Alvarez-García Elisa, Martínez-del-Pozo Alvaro, Gavilanes José G
Departamento de Bioquímica y Biología Molecular I, Facultad de Ciencias Químicas, Universidad Complutense, Avenida Complutense s/n, Ciudad Universitaria, Madrid, Spain.
Arch Biochem Biophys. 2009 Jan 1;481(1):37-44. doi: 10.1016/j.abb.2008.10.012. Epub 2008 Oct 12.
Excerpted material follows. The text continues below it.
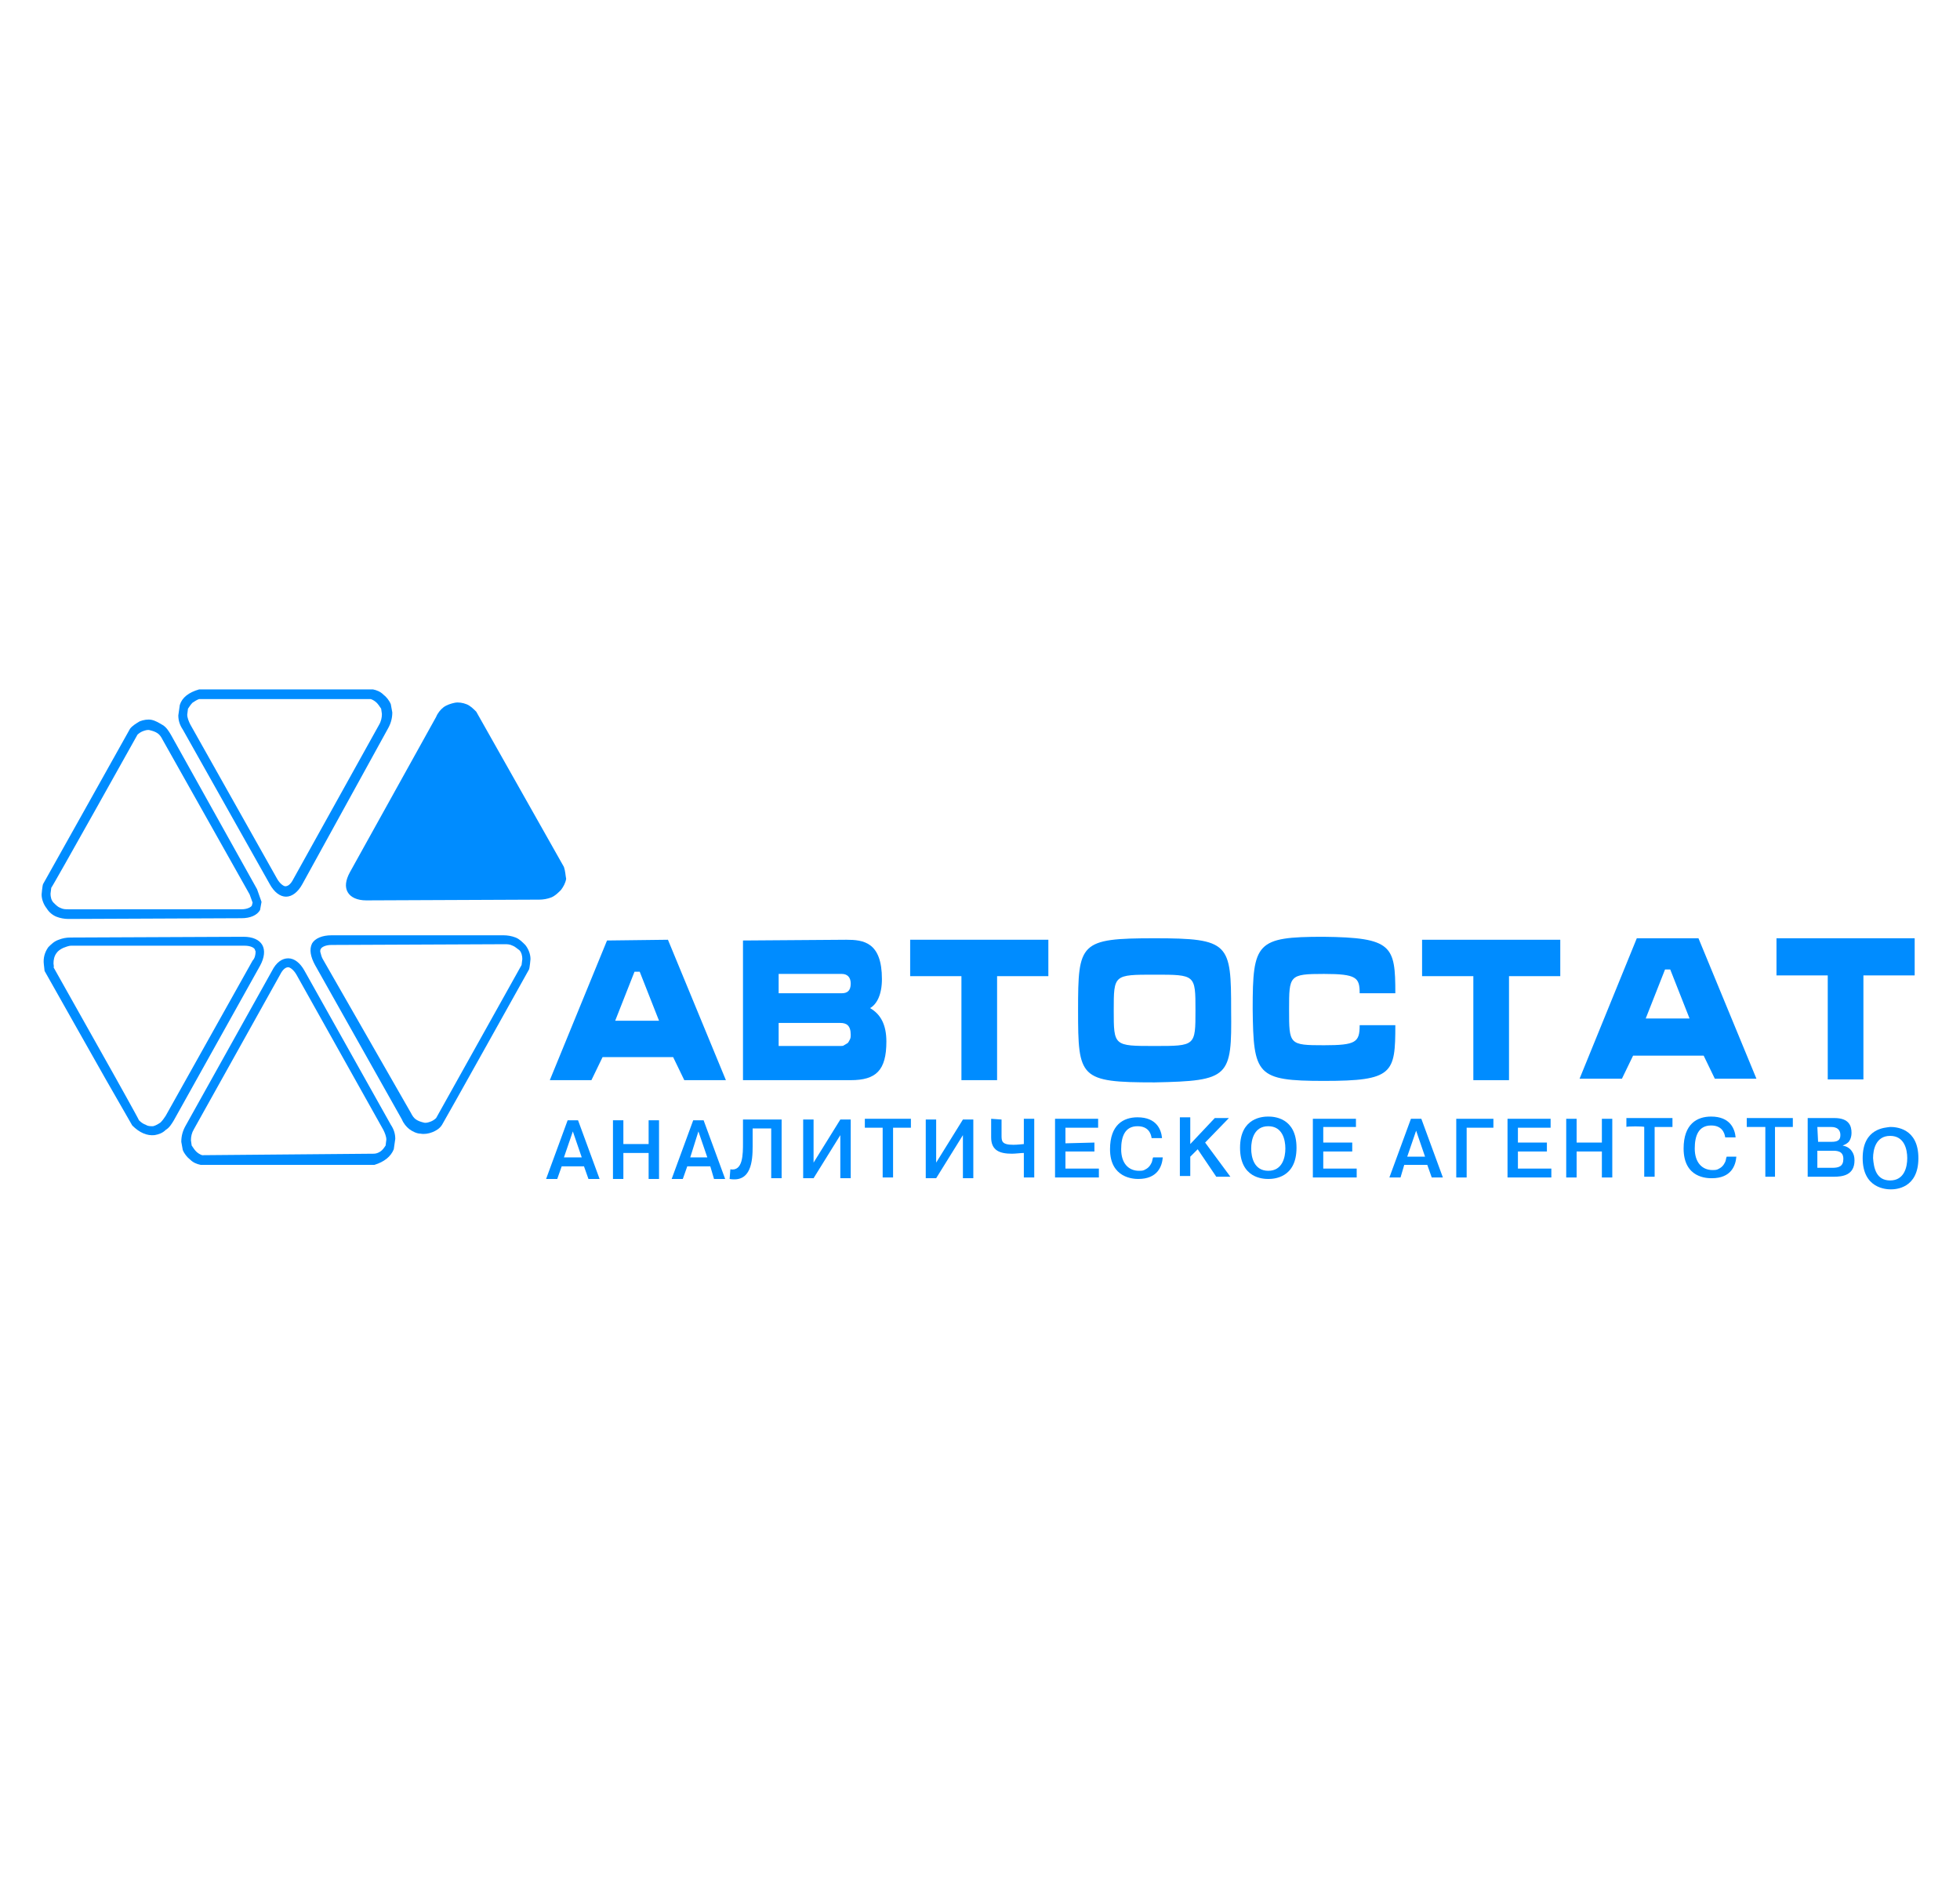 <?xml version="1.0" encoding="UTF-8"?> <!-- Generator: Adobe Illustrator 26.0.2, SVG Export Plug-In . SVG Version: 6.00 Build 0) --> <svg xmlns="http://www.w3.org/2000/svg" xmlns:xlink="http://www.w3.org/1999/xlink" id="Layer_1" x="0px" y="0px" viewBox="0 0 263.8 252.9" style="enable-background:new 0 0 263.8 252.9;" xml:space="preserve"> <style type="text/css"> .st0{fill:#008CFF;} </style> <g> <path class="st0" d="M254.4,151.7c0.7,0,3.8,0.1,3.8,4.2s-3.1,4.2-3.7,4.2s-3.8-0.1-3.8-4.2S253.8,151.8,254.4,151.7z M254.4,158.9 c1.9,0,2.3-1.8,2.3-3c0-1.2-0.4-3-2.3-3c-1.9,0-2.3,1.8-2.3,3C252.2,157.2,252.5,158.9,254.4,158.9L254.4,158.9z"></path> <g> <path class="st0" d="M89.9,126.5l7.8,18.9h-5.6l-1.5-3.1h-9.5l-1.5,3.1H74l7.7-18.8L89.9,126.5z M85.4,130.8l-2.6,6.6h5.9 l-2.6-6.6H85.4z"></path> <path class="st0" d="M113.9,126.5c2.3,0,4.8,0.3,4.8,5.3c0,2.1-0.7,3.4-1.6,3.9c1.4,0.8,2.2,2.2,2.2,4.5c0,3.9-1.4,5.2-4.8,5.2 H100v-18.8L113.9,126.5z M104.8,133.7h8.5c0.7,0,1.2-0.3,1.2-1.3c0-0.9-0.5-1.3-1.2-1.3h-8.5V133.7z M104.8,140.8h8.3 c0.2,0,0.4,0,0.5-0.1c0.2-0.1,0.3-0.2,0.5-0.3c0.1-0.1,0.2-0.3,0.3-0.5c0.1-0.2,0.1-0.4,0.1-0.6c0-1.3-0.6-1.6-1.4-1.6h-8.3V140.8 z"></path> <path class="st0" d="M122.5,126.5h18.6v4.9h-6.9v14h-4.8v-14h-6.9C122.5,131.4,122.5,126.5,122.5,126.5z"></path> <path class="st0" d="M155.4,145.7c-10.1,0-10.3-0.6-10.3-9.7s0.2-9.7,10.3-9.7s10.3,0.7,10.3,9.7 C165.8,145,165.5,145.5,155.4,145.7z M155.4,140.8c5.5,0,5.5,0,5.5-4.8c0-4.8,0-4.8-5.5-4.8s-5.5,0-5.5,4.8 C149.9,140.8,149.9,140.8,155.4,140.8L155.4,140.8z"></path> <path class="st0" d="M187.8,133.7H183c0-2.1-0.4-2.6-4.8-2.6c-4.7,0-4.7,0.2-4.7,4.8c0,4.7,0,4.8,4.7,4.8c4.3,0,4.8-0.4,4.8-2.7 h4.8c0,6.5-0.3,7.5-9.6,7.5c-9.1,0-9.5-0.8-9.6-9.7c0-8.9,0.5-9.7,9.5-9.7C187.4,126.2,187.8,127.3,187.8,133.7z"></path> <path class="st0" d="M191.4,126.5H210v4.9h-6.9v14h-4.8v-14h-6.9L191.4,126.5L191.4,126.5z"></path> <path class="st0" d="M228.6,126.3l7.8,18.9h-5.6l-1.5-3.1h-9.5l-1.5,3.1h-5.7l7.7-18.9H228.6z M224.1,130.5l-2.6,6.6h5.9l-2.6-6.6 H224.1z"></path> <path class="st0" d="M239.1,126.3h18.6v5h-6.9v14H246v-14h-6.9L239.1,126.3L239.1,126.3z"></path> <path class="st0" d="M75,158.7h-1.5l2.9-7.9h1.4l2.9,7.9h-1.5l-0.6-1.7h-3L75,158.7z M78.3,155.8l-1.2-3.5l-1.2,3.5H78.3z"></path> <path class="st0" d="M83.9,158.7h-1.4v-7.9h1.4v3.2h3.4v-3.2h1.4v7.9h-1.4v-3.5h-3.4V158.7z"></path> <path class="st0" d="M91.9,158.7h-1.5l2.9-7.9h1.4l2.9,7.9h-1.5l-0.5-1.7h-3.1L91.9,158.7z M95.2,155.8l-1.2-3.5l-1.1,3.5H95.2z"></path> <path class="st0" d="M98.3,157.4c1.7,0.3,1.7-2,1.7-3.6v-3.1h5.2v7.9h-1.4v-6.7h-2.5v2.4c0,2-0.2,4.9-3.1,4.4L98.3,157.4z"></path> <path class="st0" d="M113.1,150.7h1.4v7.9h-1.4v-5.8l-3.6,5.8h-1.4v-7.9h1.4v5.8L113.1,150.7z"></path> <path class="st0" d="M116.4,151.8v-1.2h6.2v1.2h-2.4v6.7h-1.4v-6.7C118.8,151.8,116.4,151.8,116.4,151.8z"></path> <path class="st0" d="M129.6,150.7h1.4v7.9h-1.4v-5.8l-3.6,5.8h-1.4v-7.9h1.4v5.8L129.6,150.7z"></path> <path class="st0" d="M134.8,150.7v2.1c0,0.8,0,1.3,1.6,1.3c0.6,0,1.3-0.1,1.4-0.1v-3.4h1.4v7.9h-1.4v-3.3c-0.4,0-1.1,0.1-1.6,0.1 c-1.6,0-2.8-0.4-2.8-2.2v-2.5L134.8,150.7z"></path> <path class="st0" d="M147.3,153.8v1.2h-3.9v2.3h4.5v1.2H142v-7.9h5.8v1.2h-4.4v2.1L147.3,153.8z"></path> <path class="st0" d="M156.5,155.8c-0.1,1.2-0.7,2.9-3.3,2.9c-0.6,0-3.8-0.1-3.8-4c0-3.3,1.8-4.3,3.7-4.3c2.6,0,3.2,1.7,3.3,2.8 H155c-0.1-0.7-0.5-1.6-1.9-1.6c-1.7,0-2.2,1.4-2.2,3.1c0,1.9,1,2.9,2.4,2.9c0.2,0,0.5,0,0.7-0.1c0.2-0.1,0.4-0.2,0.6-0.4 c0.2-0.2,0.3-0.4,0.4-0.6c0.1-0.2,0.1-0.5,0.2-0.7H156.5z"></path> <path class="st0" d="M163.5,150.5h1.9l-3.2,3.3l3.4,4.6h-1.9l-2.5-3.7l-1,1v2.6h-1.4v-7.9h1.4v3.6L163.5,150.5z"></path> <path class="st0" d="M170.7,150.3c0.7,0,3.8,0.1,3.8,4.2c0,4.1-3.1,4.2-3.8,4.2s-3.8-0.1-3.8-4.2 C166.9,150.4,170,150.3,170.7,150.3z M170.7,157.6c1.9,0,2.3-1.8,2.3-3s-0.4-3-2.3-3c-1.9,0-2.3,1.8-2.3,3 S168.8,157.6,170.7,157.6L170.7,157.6z"></path> <path class="st0" d="M182,153.8v1.2h-3.9v2.3h4.5v1.2h-5.9v-7.9h5.8v1.1h-4.4v2.1C178.1,153.8,182,153.8,182,153.8z"></path> <path class="st0" d="M188.5,158.5H187l2.9-7.9h1.4l2.9,7.9h-1.5l-0.6-1.7H189L188.5,158.5z M191.8,155.7l-1.2-3.5l-1.2,3.5H191.8z "></path> <path class="st0" d="M197.4,158.5H196v-7.9h5v1.2h-3.6V158.5z"></path> <path class="st0" d="M208.2,153.8v1.2h-3.9v2.3h4.5v1.2h-5.9v-7.9h5.8v1.2h-4.4v2C204.3,153.8,208.2,153.8,208.2,153.8z"></path> <path class="st0" d="M212.2,158.5h-1.4v-7.9h1.4v3.2h3.4v-3.2h1.4v7.9h-1.4V155h-3.4V158.5z"></path> <path class="st0" d="M218.9,151.7v-1.2h6.2v1.2h-2.4v6.7h-1.4v-6.7C221.3,151.6,218.9,151.6,218.9,151.7z"></path> <path class="st0" d="M233.7,155.7c-0.1,1.2-0.7,2.9-3.3,2.9c-0.6,0-3.8,0-3.8-4c0-3.3,1.8-4.3,3.7-4.3c2.6,0,3.2,1.7,3.3,2.8h-1.4 c-0.1-0.7-0.5-1.6-1.9-1.6c-1.7,0-2.2,1.4-2.2,3.1c0,1.9,1,2.9,2.4,2.9c0.2,0,0.5,0,0.7-0.1c0.2-0.1,0.4-0.2,0.6-0.4 c0.2-0.2,0.3-0.4,0.4-0.6c0.1-0.2,0.1-0.5,0.2-0.7H233.7z"></path> <path class="st0" d="M235.1,151.7v-1.2h6.2v1.2h-2.4v6.7h-1.3v-6.7L235.1,151.7z"></path> <path class="st0" d="M246.9,150.5c2,0,2.3,1.1,2.3,2c0,0.4-0.1,0.8-0.3,1.1s-0.6,0.5-0.9,0.6l0,0c0.5,0.1,0.9,0.3,1.2,0.7 c0.3,0.4,0.4,0.8,0.4,1.3c0,2-1.6,2.2-2.8,2.2h-3.5v-7.9H246.9z M244.7,153.7h1.8c0.8,0,1.2-0.2,1.2-0.9c0-1.1-1-1.1-1.3-1.1h-1.8 L244.7,153.7z M244.7,157.2h1.9c0.9,0,1.5-0.2,1.5-1.2c0-1.1-0.9-1.1-1.5-1.1h-2v2.3H244.7z"></path> <path class="st0" d="M75.9,116.7L64.1,95.8c-0.4-0.4-0.8-0.8-1.3-1c-0.5-0.2-1.1-0.3-1.6-0.2s-1.1,0.3-1.5,0.6 c-0.4,0.3-0.8,0.8-1,1.3l-11.6,20.9c-0.6,1.1-0.7,2-0.3,2.7c0.4,0.7,1.3,1.1,2.5,1.1l23.3-0.1c0.5,0,1.1-0.1,1.6-0.3 c0.5-0.2,0.9-0.6,1.3-1c0.3-0.4,0.6-0.9,0.7-1.5C76.1,117.8,76.1,117.3,75.9,116.7L75.9,116.7z"></path> <path class="st0" d="M24.2,94.9L24,96.3c0,0.7,0.2,1.3,0.6,1.9L36.3,119c0.6,1.1,1.4,1.7,2.2,1.7s1.6-0.6,2.2-1.7l11.5-20.9 c0.4-0.7,0.6-1.4,0.6-2.2l-0.2-1.1c-0.2-0.5-0.6-1-1-1.3c-0.4-0.4-0.9-0.6-1.4-0.7c-0.2,0-23.4,0-23.4,0 C25.4,93.2,24.5,93.9,24.2,94.9z M38.4,119.3c-0.2,0-0.7-0.3-1.1-1L25.6,97.5c-0.2-0.4-0.4-0.9-0.4-1.3l0.1-0.8 c0.2-0.3,0.4-0.6,0.6-0.8c0.3-0.2,0.6-0.4,0.9-0.5h23.1c0.3,0.1,0.6,0.3,0.8,0.5c0.2,0.2,0.4,0.5,0.6,0.8l0.1,0.7 c0,0.5-0.1,1-0.4,1.5l-11.5,20.7C39.1,119.1,38.7,119.3,38.4,119.3z"></path> <path class="st0" d="M17.5,98.1C17.4,98.3,5.8,119,5.8,119c-0.1,0.2-0.2,1.4-0.2,1.4c0,0.7,0.3,1.4,0.7,1.9 c0.3,0.5,0.8,0.9,1.3,1.1c0.5,0.2,1.1,0.3,1.6,0.3l23.3-0.1c1.2,0,2.1-0.4,2.5-1.1l0.2-1.1l-0.6-1.7L23,98.9 c-0.3-0.5-0.6-1-1.1-1.3c-0.5-0.3-1-0.6-1.5-0.7s-1.1,0-1.6,0.2C18.3,97.4,17.8,97.7,17.5,98.1L17.5,98.1z M18.5,98.9 c0.2-0.2,0.5-0.4,0.8-0.5c0.3-0.1,0.6-0.2,0.9-0.1c0.4,0.1,0.7,0.2,1,0.4c0.3,0.2,0.5,0.5,0.7,0.9l11.7,20.8l0.4,1.1l-0.1,0.4 c-0.1,0.2-0.6,0.5-1.4,0.5H9.2c-0.4,0-0.7,0-1.1-0.2c-0.3-0.1-0.6-0.4-0.9-0.7c-0.3-0.3-0.4-0.8-0.4-1.2l0.1-0.8 C7,119.5,18.5,98.9,18.5,98.9z"></path> <path class="st0" d="M6.5,127.5c-0.5,0.7-0.7,1.5-0.6,2.3l0.1,0.9c0.1,0.2,8.3,14.7,8.3,14.7l3.5,6.1c1,1,2,1.4,3,1.3 c0.6-0.1,1.1-0.3,1.5-0.7c0.5-0.3,0.8-0.8,1.1-1.3L35,130c0.6-1.1,0.7-2.1,0.3-2.8c-0.4-0.7-1.3-1.1-2.5-1.1l-23.3,0.1 c-0.6,0-1.1,0.1-1.6,0.3C7.3,126.7,6.9,127.1,6.5,127.5L6.5,127.5z M7.2,129.7c0-0.5,0.1-1,0.4-1.4c0.2-0.3,0.5-0.5,0.9-0.7 c0.3-0.1,0.7-0.3,1.1-0.3h23.3c0.9,0,1.3,0.3,1.4,0.5c0,0.1,0.1,0.2,0.1,0.3c0,0.4-0.1,0.9-0.4,1.2l-11.7,20.9 c-0.2,0.3-0.4,0.6-0.7,0.9c-0.3,0.2-0.6,0.4-1,0.5c-0.4,0-0.7,0-1-0.2c-0.3-0.1-0.6-0.3-0.9-0.6c0-0.1-3.3-6-3.3-6l-8.2-14.6 C7.3,130.3,7.2,129.7,7.2,129.7z"></path> <path class="st0" d="M36.6,130.7L25,151.5c-0.4,0.7-0.6,1.4-0.6,2.2l0.2,1.1c0.2,0.5,0.6,1,1,1.3c0.4,0.4,0.9,0.6,1.4,0.7 c0.2,0,23.4,0,23.4,0c1.3-0.4,2.2-1.1,2.6-2.1v-0.1v0.1l0.2-1.4c0-0.7-0.2-1.3-0.6-1.9L41,130.7c-0.6-1.1-1.4-1.7-2.2-1.7 S37.2,129.5,36.6,130.7z M27.2,155.5c-0.3-0.1-0.6-0.3-0.8-0.5c-0.2-0.2-0.4-0.5-0.6-0.8l-0.1-0.7c0-0.5,0.1-1,0.4-1.5l11.6-20.8 c0.4-0.8,0.8-1,1.1-1c0.2,0,0.7,0.3,1.1,1l11.7,20.9c0.2,0.4,0.4,0.9,0.4,1.3l-0.1,0.8c-0.2,0.3-0.4,0.6-0.7,0.8 c-0.3,0.2-0.6,0.3-0.9,0.3L27.2,155.5z"></path> <path class="st0" d="M42,127c-0.4,0.8-0.2,1.8,0.4,2.9l11.7,20.8c0.2,0.5,0.6,1,1,1.3c0.4,0.3,1,0.6,1.5,0.6 c0.5,0.1,1.1,0,1.6-0.2c0.5-0.2,1-0.5,1.3-1c0.1-0.1,11.7-20.9,11.7-20.9c0.1-0.2,0.2-1.4,0.2-1.4c0-0.7-0.3-1.4-0.7-1.9 c-0.4-0.4-0.8-0.8-1.3-1c-0.5-0.2-1.1-0.3-1.6-0.3H44.6C43.4,125.9,42.4,126.3,42,127z M43.5,129.2c-0.2-0.3-0.3-0.7-0.4-1.1 c0-0.1,0-0.3,0.1-0.4c0.1-0.2,0.6-0.5,1.4-0.5l23.3-0.1c0.4,0,0.7,0,1.1,0.2c0.3,0.1,0.6,0.4,0.9,0.6c0.3,0.3,0.4,0.8,0.4,1.2 l-0.1,0.8l-11.5,20.6c-0.2,0.2-0.5,0.4-0.8,0.5c-0.3,0.1-0.6,0.2-0.9,0.1c-0.4-0.1-0.7-0.2-1-0.4c-0.3-0.2-0.5-0.5-0.7-0.9 L43.5,129.2z"></path> </g> </g> </svg>

Ribotoxins are a family of toxic extracellular fungal RNases that first enter into the cells and then exert a highly specific ribonucleolytic activity on the larger rRNA molecule, leading to protein synthesis inhibition and cell death by apoptosis. alpha-Sarcin is the best characterized ribotoxin. Previous characterization of a deletion variant of this protein showed that its long NH(2)-terminal beta-hairpin is essential for its cytotoxicity. Docking, enzymatic, and lipid-protein interaction studies suggested that this beta-hairpin establishes specific interactions with ribosomal proteins and that it is a region involved in the interaction with cell membranes. Consequently, in order to assess the influence of the basic character of this NH(2)-terminal beta-hairpin (there are 1 arginine and 4 lysines along its 16 residues) on the ribotoxins cytotoxic ability, five individual mutants substituting these five basic residues by glutamic acid were produced, purified to homogeneity, and characterized. Regarding ribosomal recognition, all mutants showed a diminished activity in a cell-free reticulocyte lysate, whereas the activity against an oligoribonucleotide mimicking the sarcin/ricin loop rRNA (SRL) or the homopolymer poly(A) remained unaffected, confirming that the mutated basic residues participate in electrostatic interactions with other ribosomal elements apart from this SRL. The study of the interaction with phospholipid vesicles showed that Lys 17, Arg 22, and, most importantly, Lys 14 and Lys 21, are crucial residues in the first stages of the aggregation phenomenon, where protein-vesicle and protein-protein interactions are required. The data obtained reveal that electrostatic interactions involving basic residues of the beta-hairpin are required not only for establishing specific interactions with ribosomal regions other than the SRL but also to explain the ability of the protein to interact with acid phospholipid bilayers.
核糖体毒素是一类有毒的细胞外真菌核糖核酸酶,它们首先进入细胞,然后对较大的核糖体RNA分子发挥高度特异性的核糖核酸水解活性,导致蛋白质合成抑制并通过凋亡使细胞死亡。α-肌动蛋白是特征最明确的核糖体毒素。此前对该蛋白一个缺失变体的表征表明,其长的NH₂-末端β-发夹结构对其细胞毒性至关重要。对接、酶学和脂蛋白相互作用研究表明,这个β-发夹结构与核糖体蛋白建立了特定的相互作用,并且它是参与与细胞膜相互作用的区域。因此,为了评估这个NH₂-末端β-发夹结构(其16个残基中有1个精氨酸和4个赖氨酸)的碱性特征对核糖体毒素细胞毒性能力的影响,制备了五个将这五个碱性残基替换为谷氨酸的单个突变体,纯化至同质,并进行了表征。关于核糖体识别,所有突变体在无细胞网织红细胞裂解物中的活性均降低,而针对模拟肌动蛋白/蓖麻毒素环rRNA(SRL)的寡核糖核苷酸或均聚物聚(A)的活性不受影响,这证实突变的碱性残基除了与这个SRL之外,还参与与其他核糖体元件的静电相互作用。与磷脂囊泡相互作用的研究表明,赖氨酸17、精氨酸22,以及最重要的赖氨酸14和赖氨酸21,是聚集现象第一阶段的关键残基,在这个阶段需要蛋白质-囊泡和蛋白质-蛋白质相互作用。所获得的数据表明,涉及β-发夹结构碱性残基的静电相互作用不仅是与SRL以外的核糖体区域建立特定相互作用所必需的,也是解释该蛋白与酸性磷脂双层相互作用能力所必需的。